The destruction of the wall was symbolic of the controversial Israeli government practice of housing demolition. The card Mohammed wrote to describe his exhibit explains that the wall represents the house of an actual Arab family living in the West Bank. The government has announced that they plan to destroy it for not having a proper license for the building. The house is eventually destroyed and a new settlement is built in its place. This is one way in which some Israeli's have been trying to populate the West Bank, so that they can claim proper ownership of the land. Mohammed questions how the government can sit for peace talks while destroying homes..."Where's the peace?"

The director of Kohav Yair's community center feared that the piece was too controversial and that it would incite anger amongst the residents. Confronted with this opposition just minutes before he was supposed to open the exhibit, Mohammed was confused about what to do.

"We didn't come here to destroy,"Mohammed began in his speech. "We are a new generation and we are here to build a new future."Salma, Adi, and the others were unaware of the director's request and looked at each other in confusion. They were anxiously awaiting the moment when Mohammed would break the wall. When he didn't, chaos erupted. Residents from both communities objected to the censorship and questioned the last minute decision.

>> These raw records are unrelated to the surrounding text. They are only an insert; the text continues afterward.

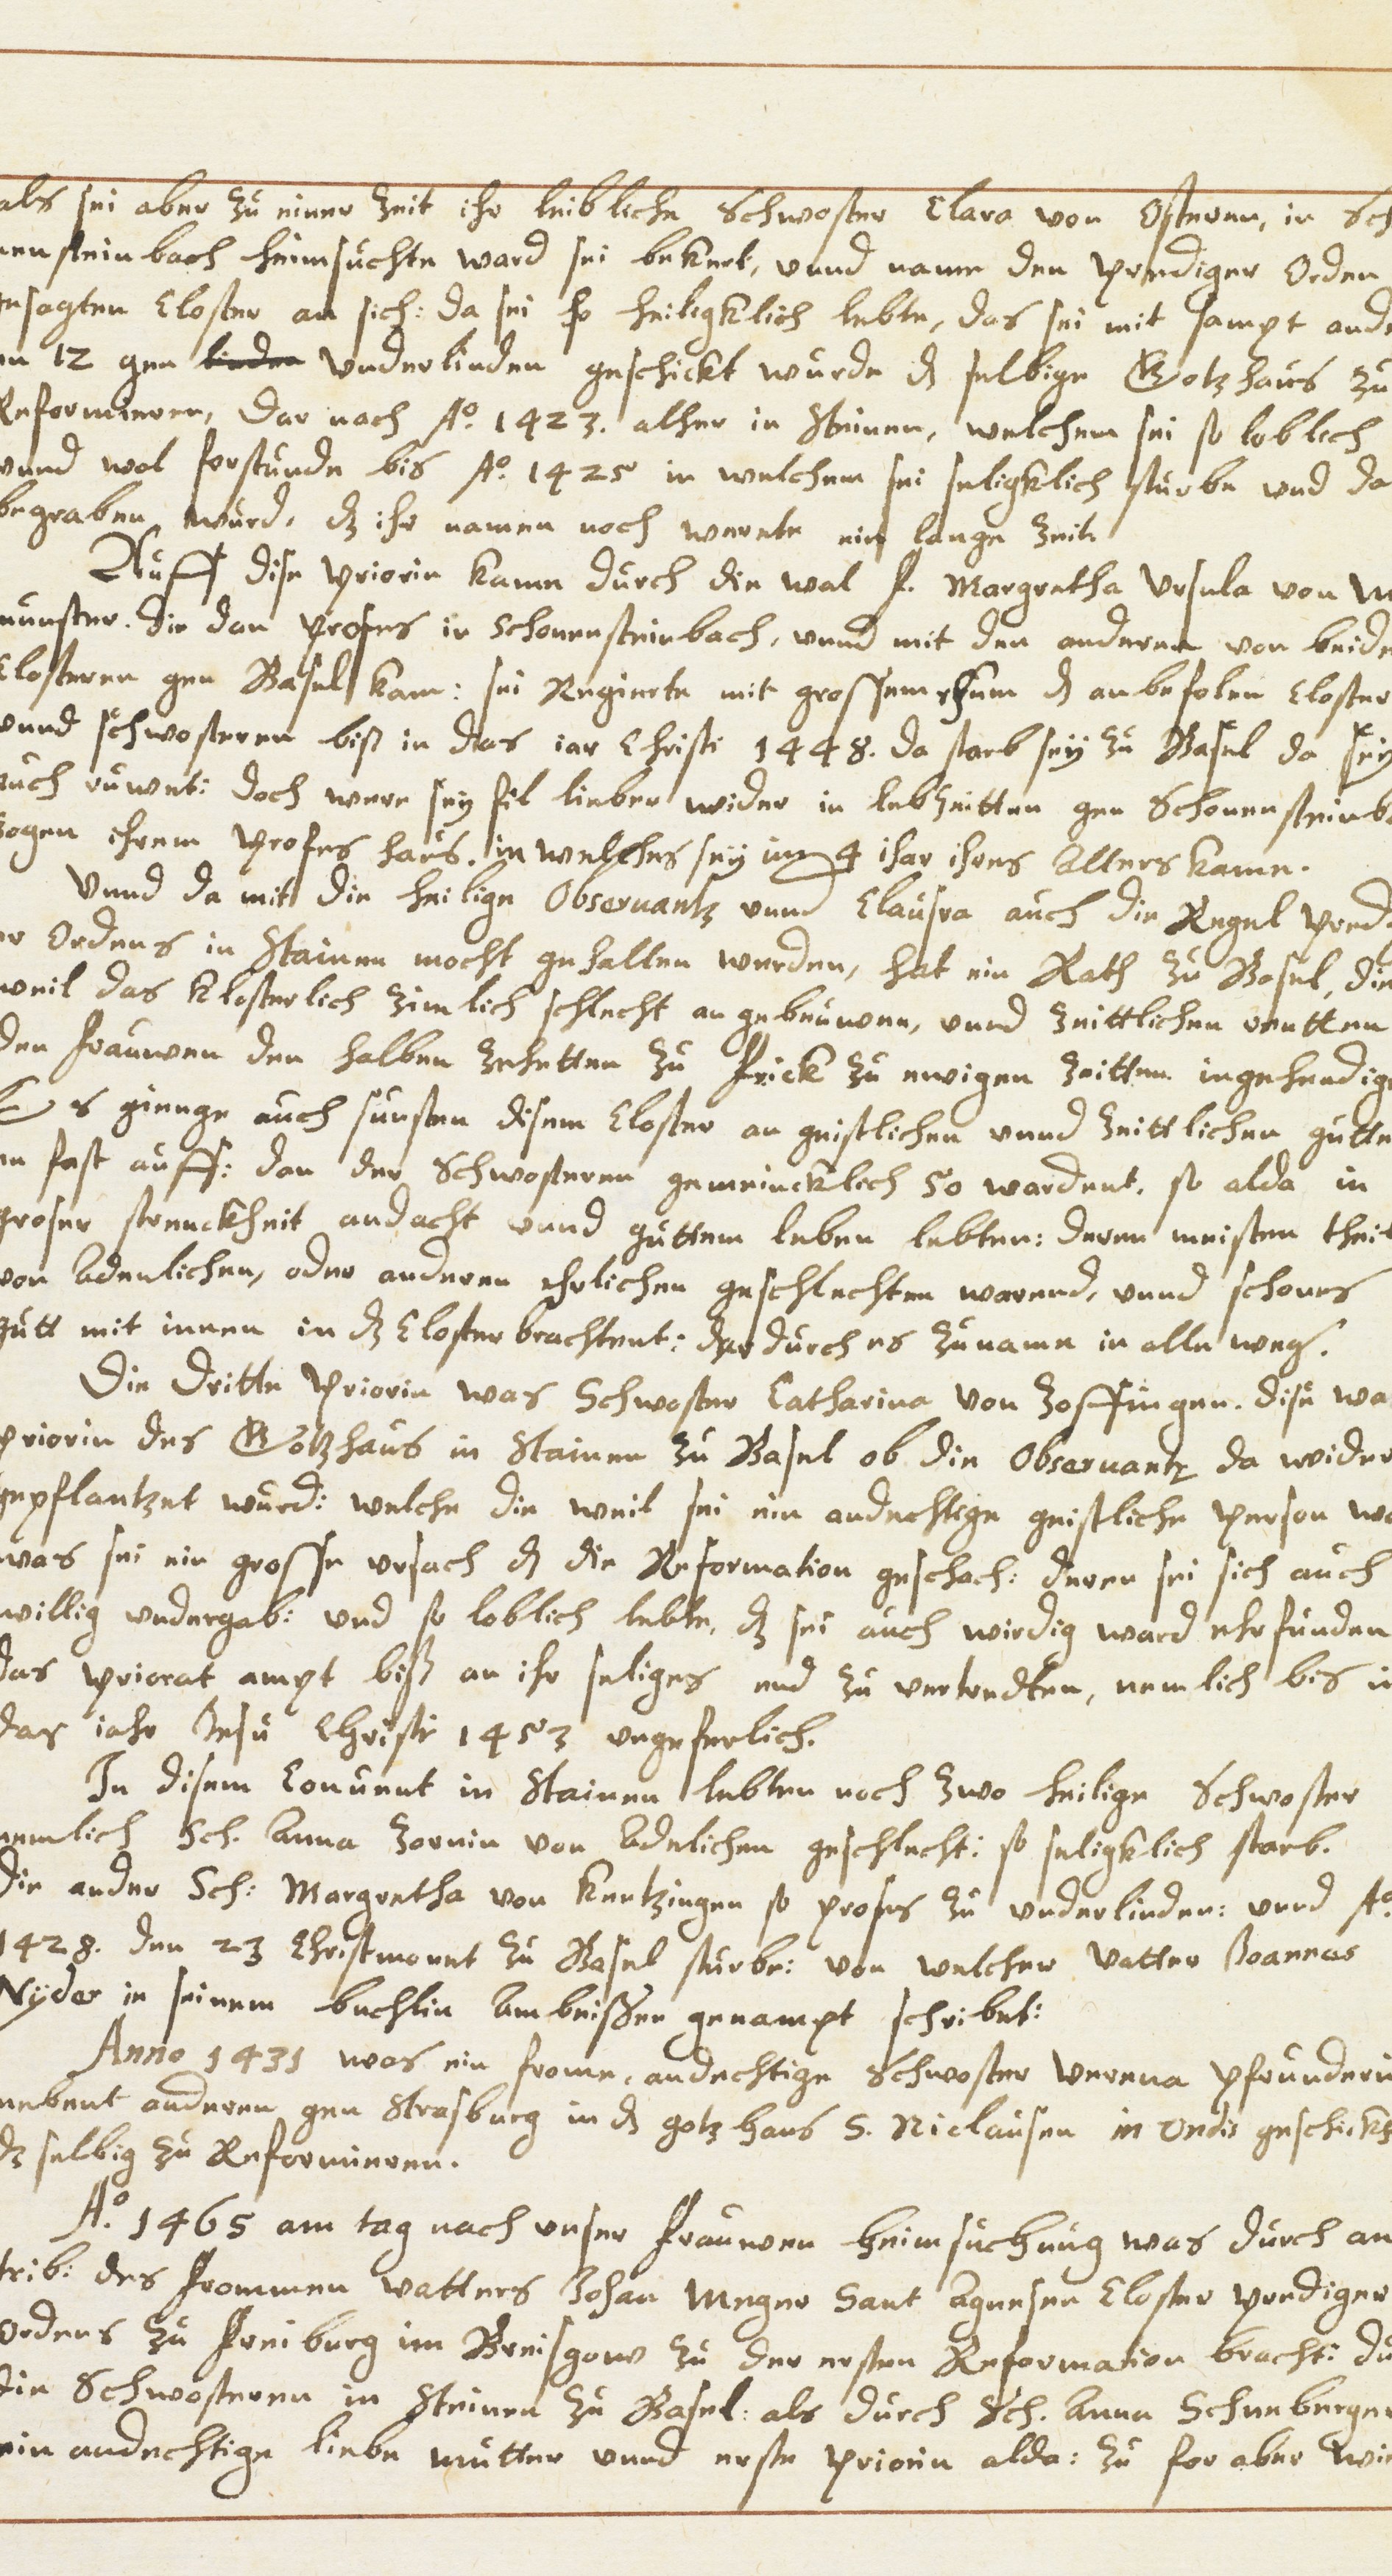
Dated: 1614–1638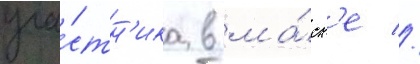
уча́стн'ика в ма́ск'е //
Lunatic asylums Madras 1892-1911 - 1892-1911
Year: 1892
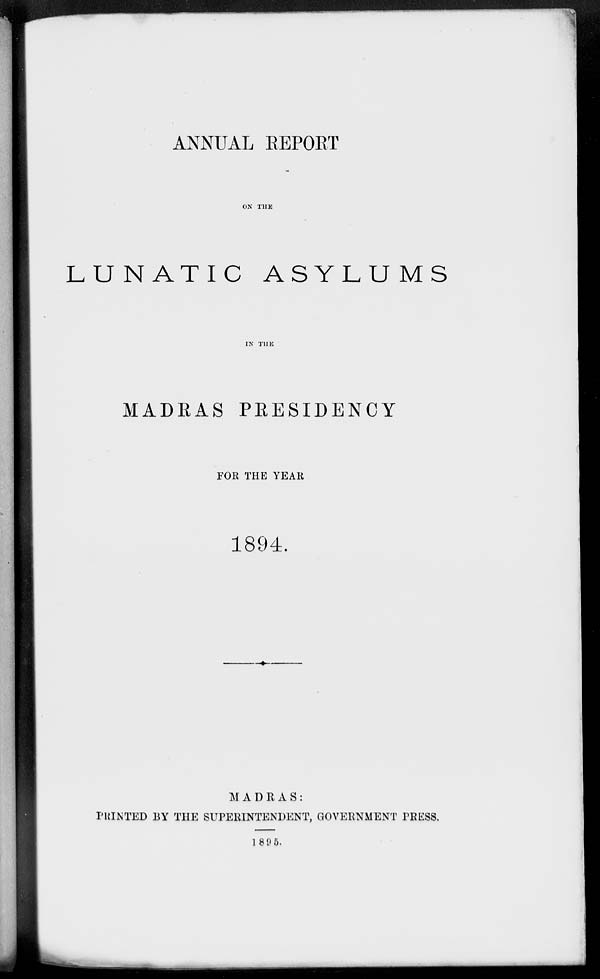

From there, a downward spiral has progressed, slowly squashing the hopes and inspirations that once motivated this group of insightful youth from Tira. The initial request for one modification of the opening presentation has grown into numerous restrictions and obstacles. Now, the community center claims they had agreed to the artwork, but not the text. Now the cards the youth had prepared describing their works are considered too controversial. The work is okay as long as nobody understands what it is about! The debate has grown and become more heated, and unfortunately this attempt at collaboration has ended in conflict! Now both the Kohav Yair community center and the community center in Tira have turned their backs on the youth and have canceled the exchange between the two communities, as well as funding for Adi's workshop.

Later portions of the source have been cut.